VALUE DELIVERY THROUGH PRODUCT INNOVATIONS When markets tip Markets tip when network externalities create a lock-in so that once established a standard can be very difficult to replace. Lock-in may occur when the technology is still in fluid stage and in markets where standards are important it may be difficult to survive as a small player. This happens because it is expensive to switch between standards and network effects are important and expensive to create. On the corollary networked products fail to take-off when there are no standards, the struggle in introducing CAS (Conditional Access System) for cable TV, digital set top box for IPTV are examples.
Fig: market tipping
As the firms share of installed base increases, the consumers preference for that product increases at such a pace that market tips in his favour much sooner. In many cases it is not even the installed base; it is the expected installed base.

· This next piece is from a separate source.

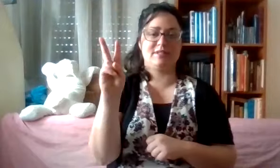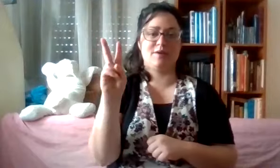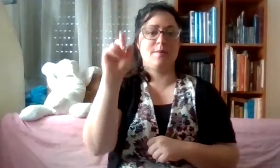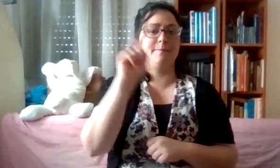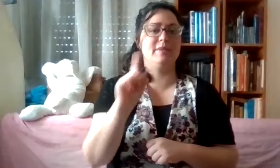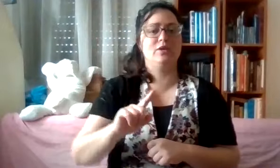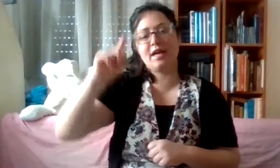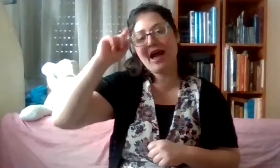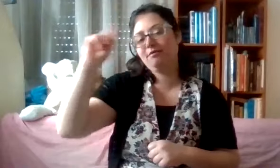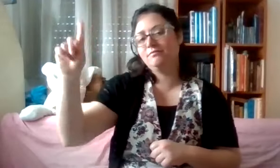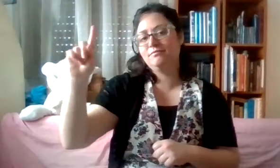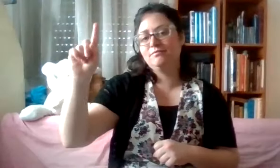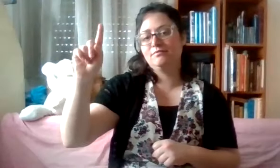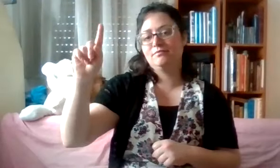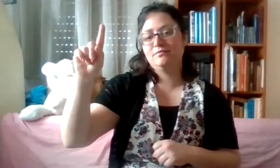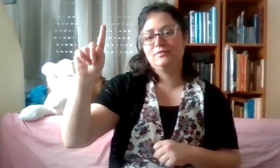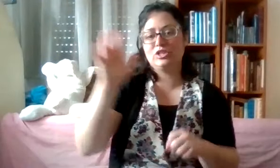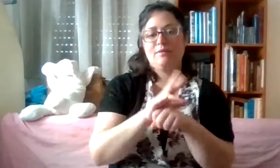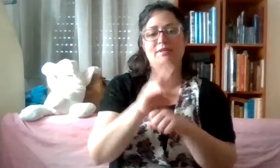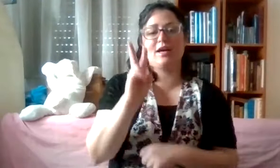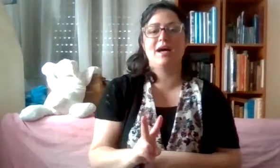מי יודע? 12 מה?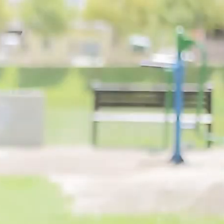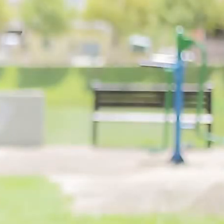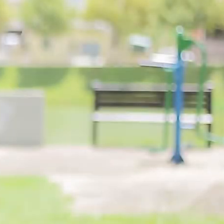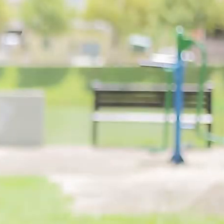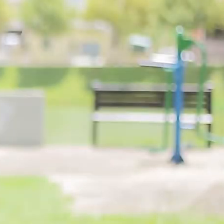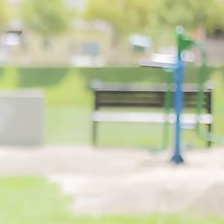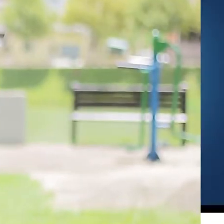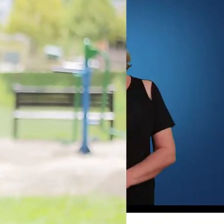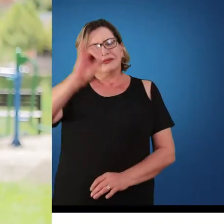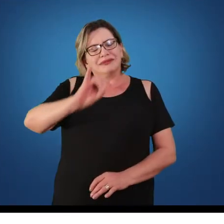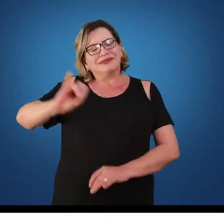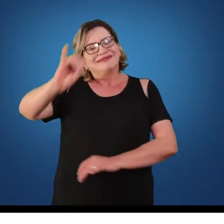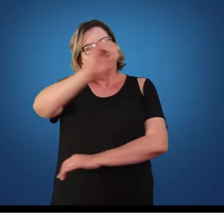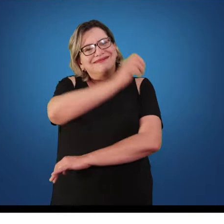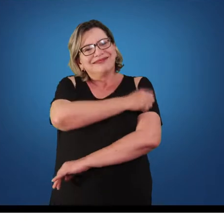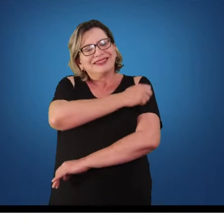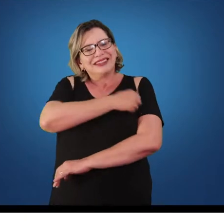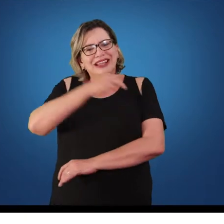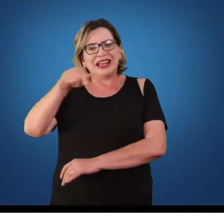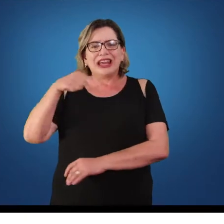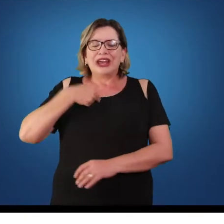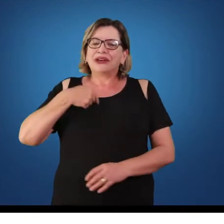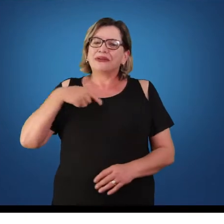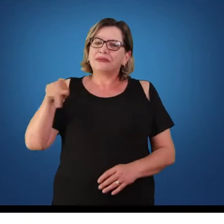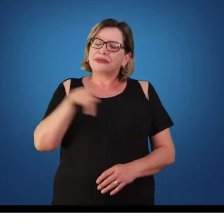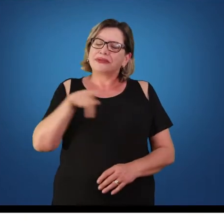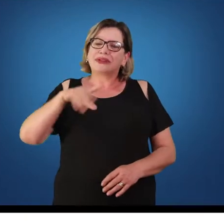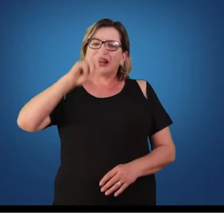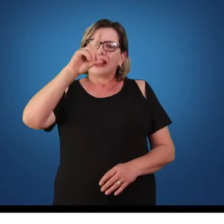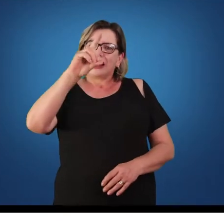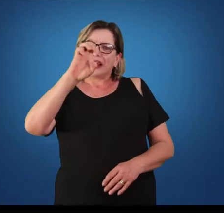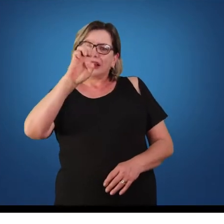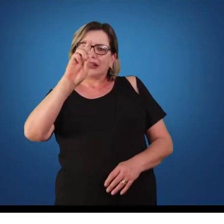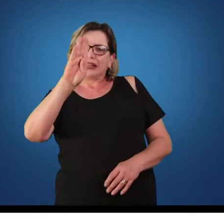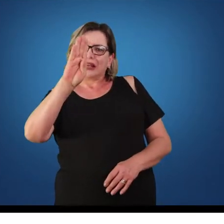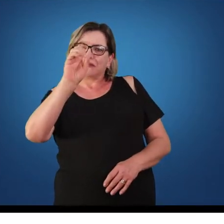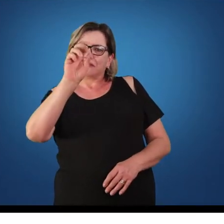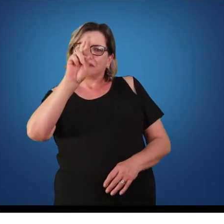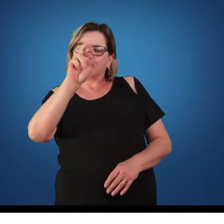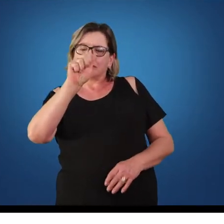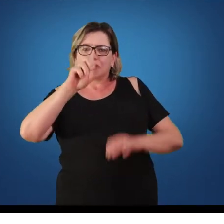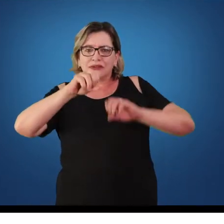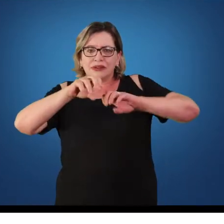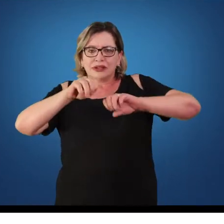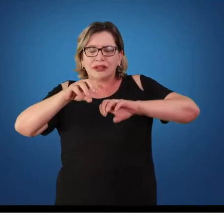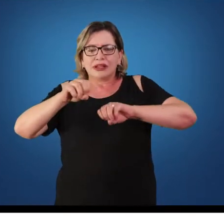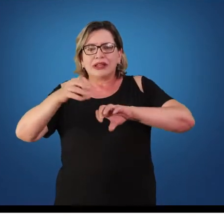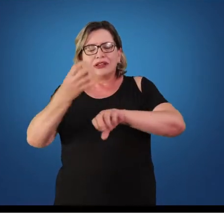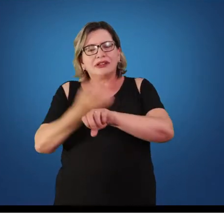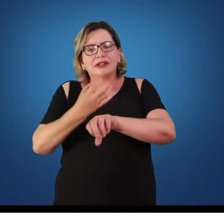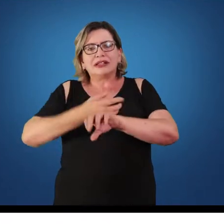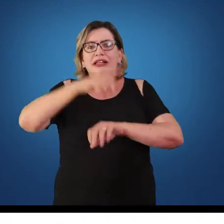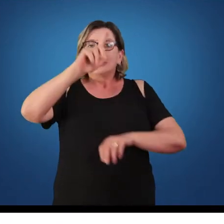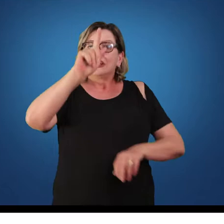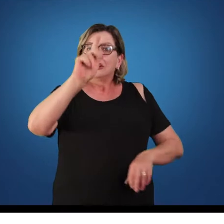Olá alunos, eu sou a professora Débora Gomes e vou trabalhar com vocês a disciplina de ginástica. Quando pensamos em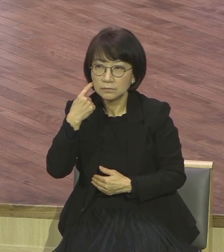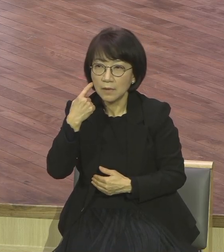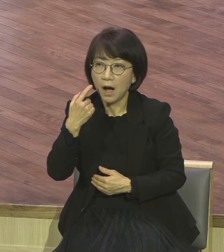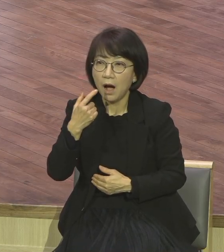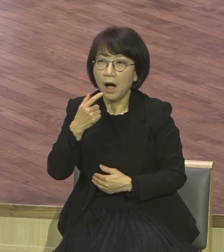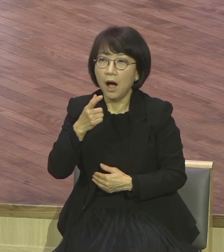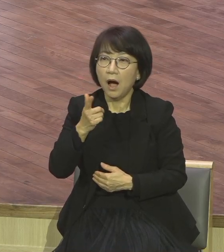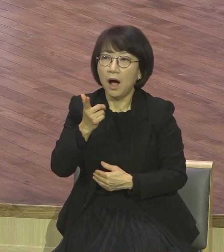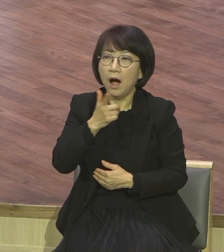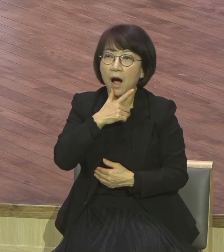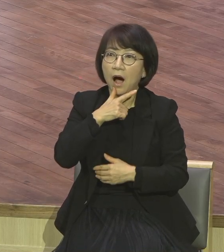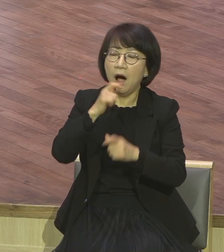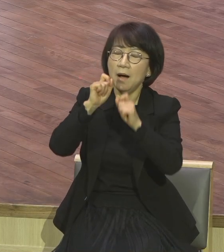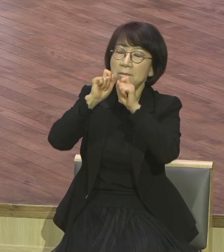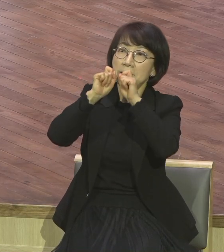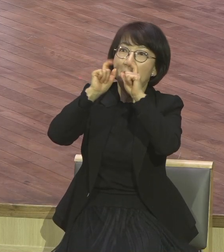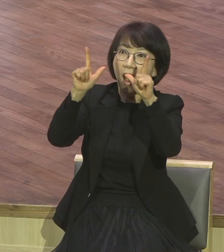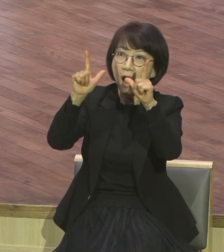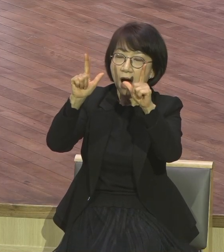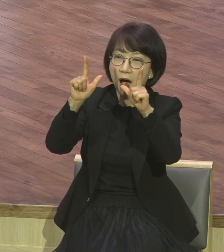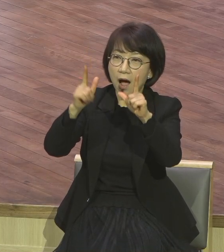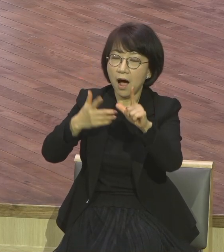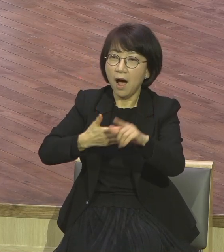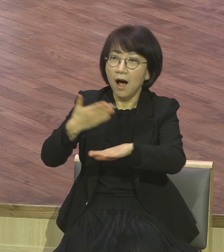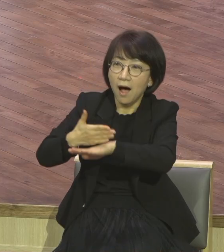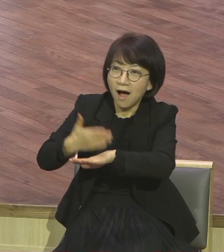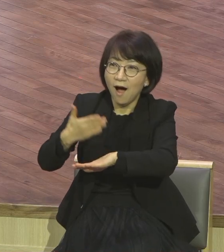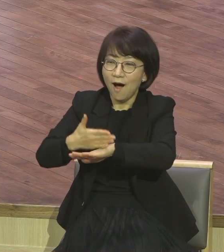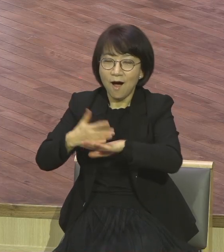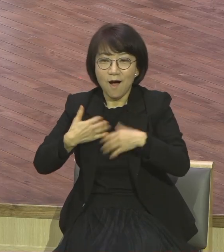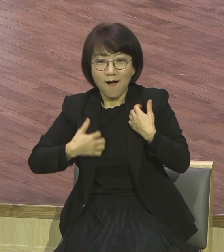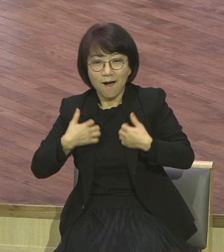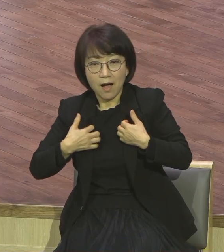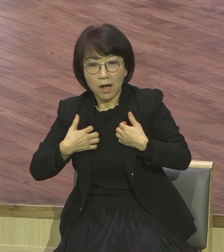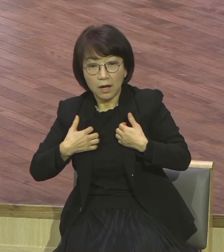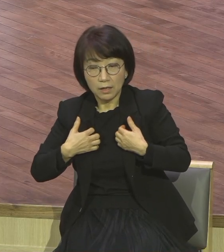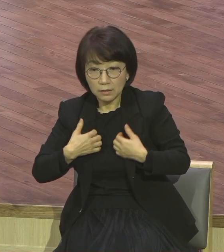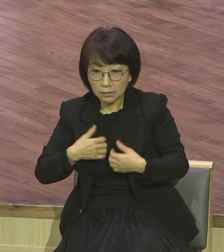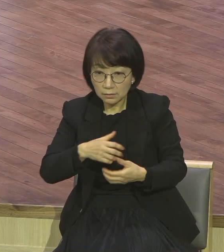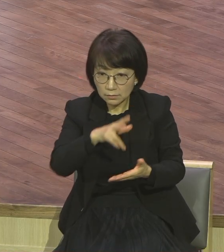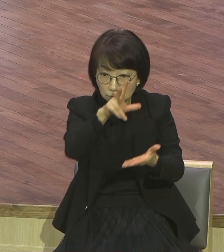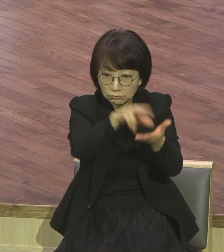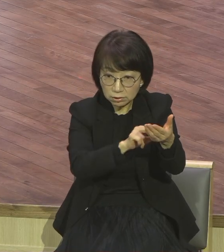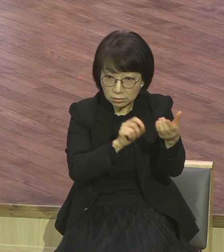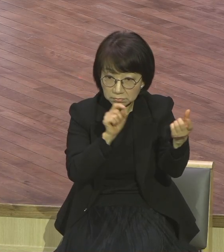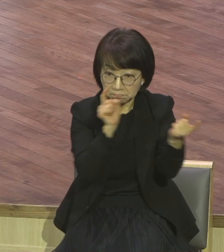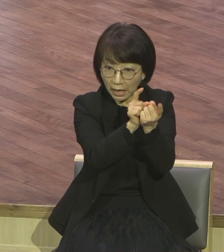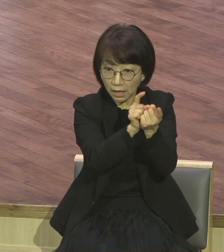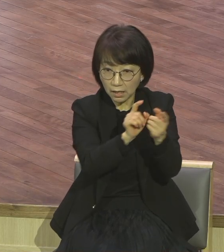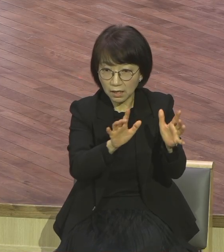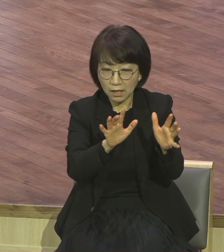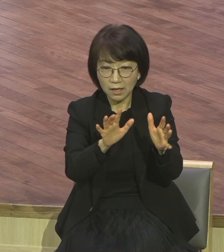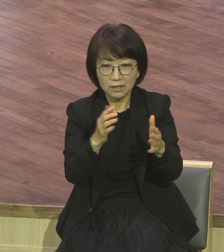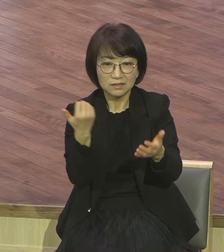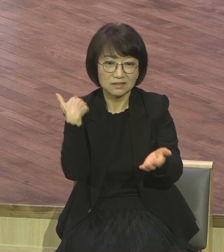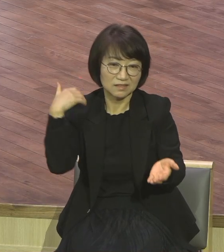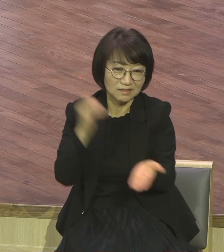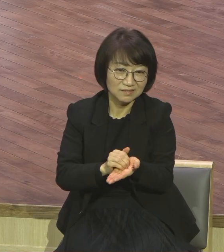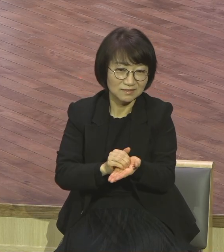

Markets tip when one standard becomes the preferred choice of nearly every consumer, ex: VHS, Windows O/S. Understanding user needs with Quality Function Deployment (QFD) QFD, originally developed in Japan, is a conceptual organisational framework for enhancing communication and coordination between engineering, marketing and manufacturing personnel. It is based on the premise that Innovations do not fail in the end - they take the road to disaster in the beginning due to incomplete understanding of user’s requirement. The organising framework for QFD is the concept known as the house of quality (HOQ), a matrix that maps customer requirements against product attributes. The starting point is to identify customer requirements. The completeness of customer requirements must be checked. Section A of figure below contains a list of the customer wants and needs. Sometimes it is also called the `voice of the customer’ or `WHATs’. Section B is the planning matrix which usually includes the following information; importance to customer, competitive benchmarking, sales point and final priorities. Section C lists the technical characteristics of a product or `HOWs’. Section D is the relationship matrix which indicates how much each `how’ affects each `what’. Section E, the roof of HOQ contains the technical correlations that capture the trade-off between pairs of `hows’. Section F, considered as the last room contains the technical matrix with information on technical priorities. Sometimes it also includes technical benchmarks, technical difficulties, estimated cost, targets and other related information (fig 6.6).
Fig : QFD
--------------------------------------------------------------------------------------------------The starting point is to identify customer requirements. In the figure shown, market research has identified five attributes that customers want from a car door- that it be easy to open and close, that it stays open when the car is parked on a hill, that it does not leak in the rain, that it isolates the occupant from road noise and that it affords some protection in side-on crashes. The next step is to weigh the requirements in terms of their relative importance from a customer’s perspective. Once this has been done, the team needs to identify the engineering attributes that drive the performance of the product-in this case the car door. In the figure shown, four attributes are highlighted; the weight of the door, the stiffness of the door hinge (a stiff hinge helps the door stay open when parked on a hill), the tightness of the door seal and the tightness of the window seal. After identifying engineering attributes, the team fills in the body of the central matrix. Each cell in the matrix indicates the relationship between an engineering attribute and a customer requirement. This matrix should indicate both the direction and strength of the relationship. A fourth piece of information in the house of quality is contained in the roof of the house. A matrix here indicates the interaction between design parameters. Thus, the negative sign between door weight and hinge stiffness indicates that a heavy door reduces the stiffness of the hinge. Negative signs indicate design constraints, the most common problem in product design. In designing engines, the parameters to be targeted for reduction are Fuel consumption, engine weight, Exhaust emission etc, and those that should be increased are Safety, Durability, Power Etc. But each parameter is related to one another and moving one parameter will affect others, some positively and some negatively. Low fuel consumption can be achieved by specifying smaller engine, it has effect on size and cost but likely to adversely affect power, drivability. An Aluminum cylinder can be specified for less weight and to help with fuel economy, but it would have an adverse affect on cost and radiated noise. Some innovations are aimed at changing the adversarial relationshipsintroduction of inlet manifold made from plastic provided a lighter weight part, at a 23
reduced cost and with improved safety since this part would now deform during a crash. The final piece of information in the house of quality is a summary of customer perceptions of the company’s existing product compared with that of its competitors-in this case A and B. How to spot a winner The framework of the strategic assessment as displayed in the figure below, shows that the central determinants of innovation success-technology potency and business advantage- are based on 4 major underlying considerations : • • • • Inventive merit Embodiment merit Operational merit Market merit.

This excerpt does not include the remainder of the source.